Hello All,

I was hoping to provide a quick response to Andrew's comments today, however due to unexpected personal reasons I was unable to.  I will not be available until Monday next week, at which time I will provide a brief response to each of the points listed.

Best regards,
Manuel Pereira
===============================
IBM Almaden Research Center
1-408-927-1935  [T/L 457]
mpereira@us.ibm.com


owner-ogsa-wg@ggf.org wrote on 07/20/2005 11:55:00 AM:

> All,

> Here are some of my comments on the RNS document. I jammed my finger
> yesterday in basketball, so typing is painful. Therefore, I’m
> limiting my comments to the most significant. Thank you to the RNS
> team for all of their work.

>  
> Andrew
>  
> High level comments:
>  
> 1) The basic directory function is to provide a mapping handle
> f(“string”), i.e., to map strings to some form of handle.

>  
> Thus, in section 1.1.
> Why do we need four different types of junctions? Should we not have
> one type of junction: mainly to an EPR. Thus a directory would map a
> string to an EPR.

> EPR f(“string”);
> Instead there are four “types” of junctions:
>             EPR’s
>             Virtualized reference – either contains an EPR or a URL
> that points to some other service

>             Referrals – point to another RNS service. Q: could this
> not be modeled as an EPR?

>             Alias – points to another “entry” within the “same” RNS
> service. This seems to imply a container like model – more on this later.

>  
> I suggest that we need only ONE type of junction – an EPR. That will
> simplify client coding – and the model significantly.

>  
> 2) Implied model – Repositories
> There is a notion in the spec of “same service instance” that in
> conversations has also been called a “repository”. The basic idea is
> that an RNS service may “contain” a set of directories – and that
> the service has a root. Thus junction types distinguish, for
> example, between internal and external things that they point to.  
> Thus an RNS service is a rooted tree – that may point at the leaves
> to other rooted trees. So, first of all – it is implied. If we’re
> going to have that model it should be right up front and discussed.
> What is a repository? What are it’s special port types if any, etc.
> Second, I think that it is not the right way to think about the
> problem. Directories should be the resources – not collections of
> directories. If a particular implementation chooses to multiplex a
> large number of logically independent directories in a single
> container – great – we will certainly do that too. The issue is what
> is the model. I feel fairly strongly about this.

>  
> Links “into” other RNS servers:1.1.2.4 “Alias Junction” is
> restricted to pointing to entries in the same repository. I think
> they should be able to point to anything – including directories in
> “other” repositories. It has been claimed that using the EPR of the
> “repository” and a path you can get that effect. However, what if
> the path changes in the other container? My link would break – even
> if the directory itself still exists.

>  
> 3) Full path names
> In ANY directory system lookup really takes two parameters – a
> “root” at which to start, and a path. Often the “root” is implied,
> or is at some well-known location. RNS – as written, implies that
> all lookups are based on full paths with an implied, unspecified root.

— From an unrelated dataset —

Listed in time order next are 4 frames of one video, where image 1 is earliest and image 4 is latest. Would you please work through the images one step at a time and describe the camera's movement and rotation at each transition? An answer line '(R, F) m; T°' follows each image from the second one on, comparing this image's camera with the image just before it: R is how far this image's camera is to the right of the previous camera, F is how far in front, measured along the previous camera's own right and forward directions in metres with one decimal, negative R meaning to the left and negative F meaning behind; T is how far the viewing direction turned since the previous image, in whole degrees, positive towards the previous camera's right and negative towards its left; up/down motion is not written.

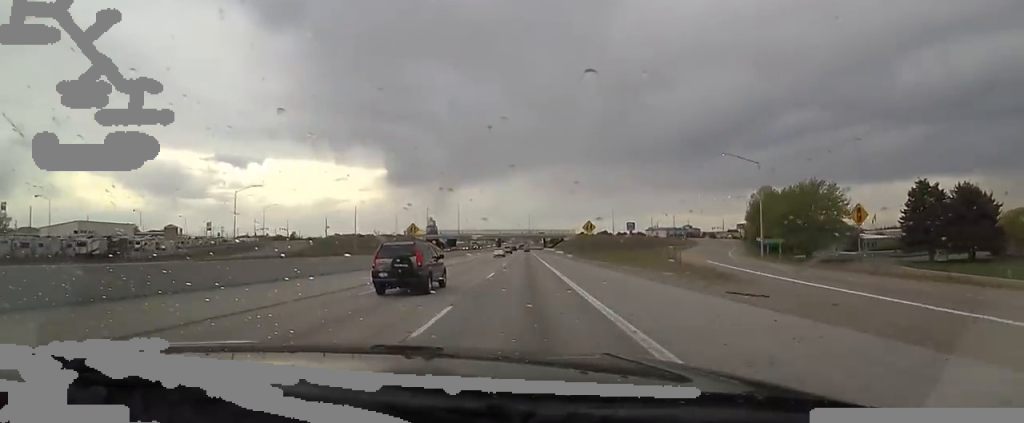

> Assuming that full paths are to be used on all lookups, the
> potential for both hot spots AND single point of failure are clear.

> In conversation with Manual he mentioned that his clients cache
> intermediate parts of the tree in the sense that “/foo/bar/d1” as a
> prefix leads to a particular RNS service, and then use that info to
> not always traverse the tree. Besides the obvious implementation
> challenges of cache consistency when the tree is changing (a problem
> we certainly had/have in Legion) there is the modeling issue. If we
> expect clients to do that – then perhaps the
> architecture/specification should accommodate that and say that all
> lookups are relative path lookups with respect to some “root”. The
> root could be a true “root”, or interior node in a tree, which is
> itself a “root” of the subtree it defines.

>  
> 4) Resolve and file system profile. We discussed these on the last
> ogsa call, my understanding is that they are going out.

>  
> 5) Iterators. OGSA-Data-WG has discussed iterators in a more general
> way, e.g., on data base query results etc., I think that whatever is
> done in RNS should be consistent with whatever is done in OGSA-Data
> (note – consistency can happen either way).

>  
> Medium level comments:
>  
> S 1.1
> “In all cases, junctions are capable of maintaining a list of
> references (EPRs/URLs) per entry, that is a single junction my
> render several available EPRs, each of which represent replicas,
> copies of the same resource, or operationally identical services. “

>  
>  
> Why? Are you saying that replication issues and semantics should be
> dealt with in the directory structure? Or are you saying that
> directories are not “sets” in the sense of only one entry – but
> rather “multi-sets” in the sense that one string can map to multiple
> things. If the later – what are the implied semantics.

> I think it may be safer to keep them as sets.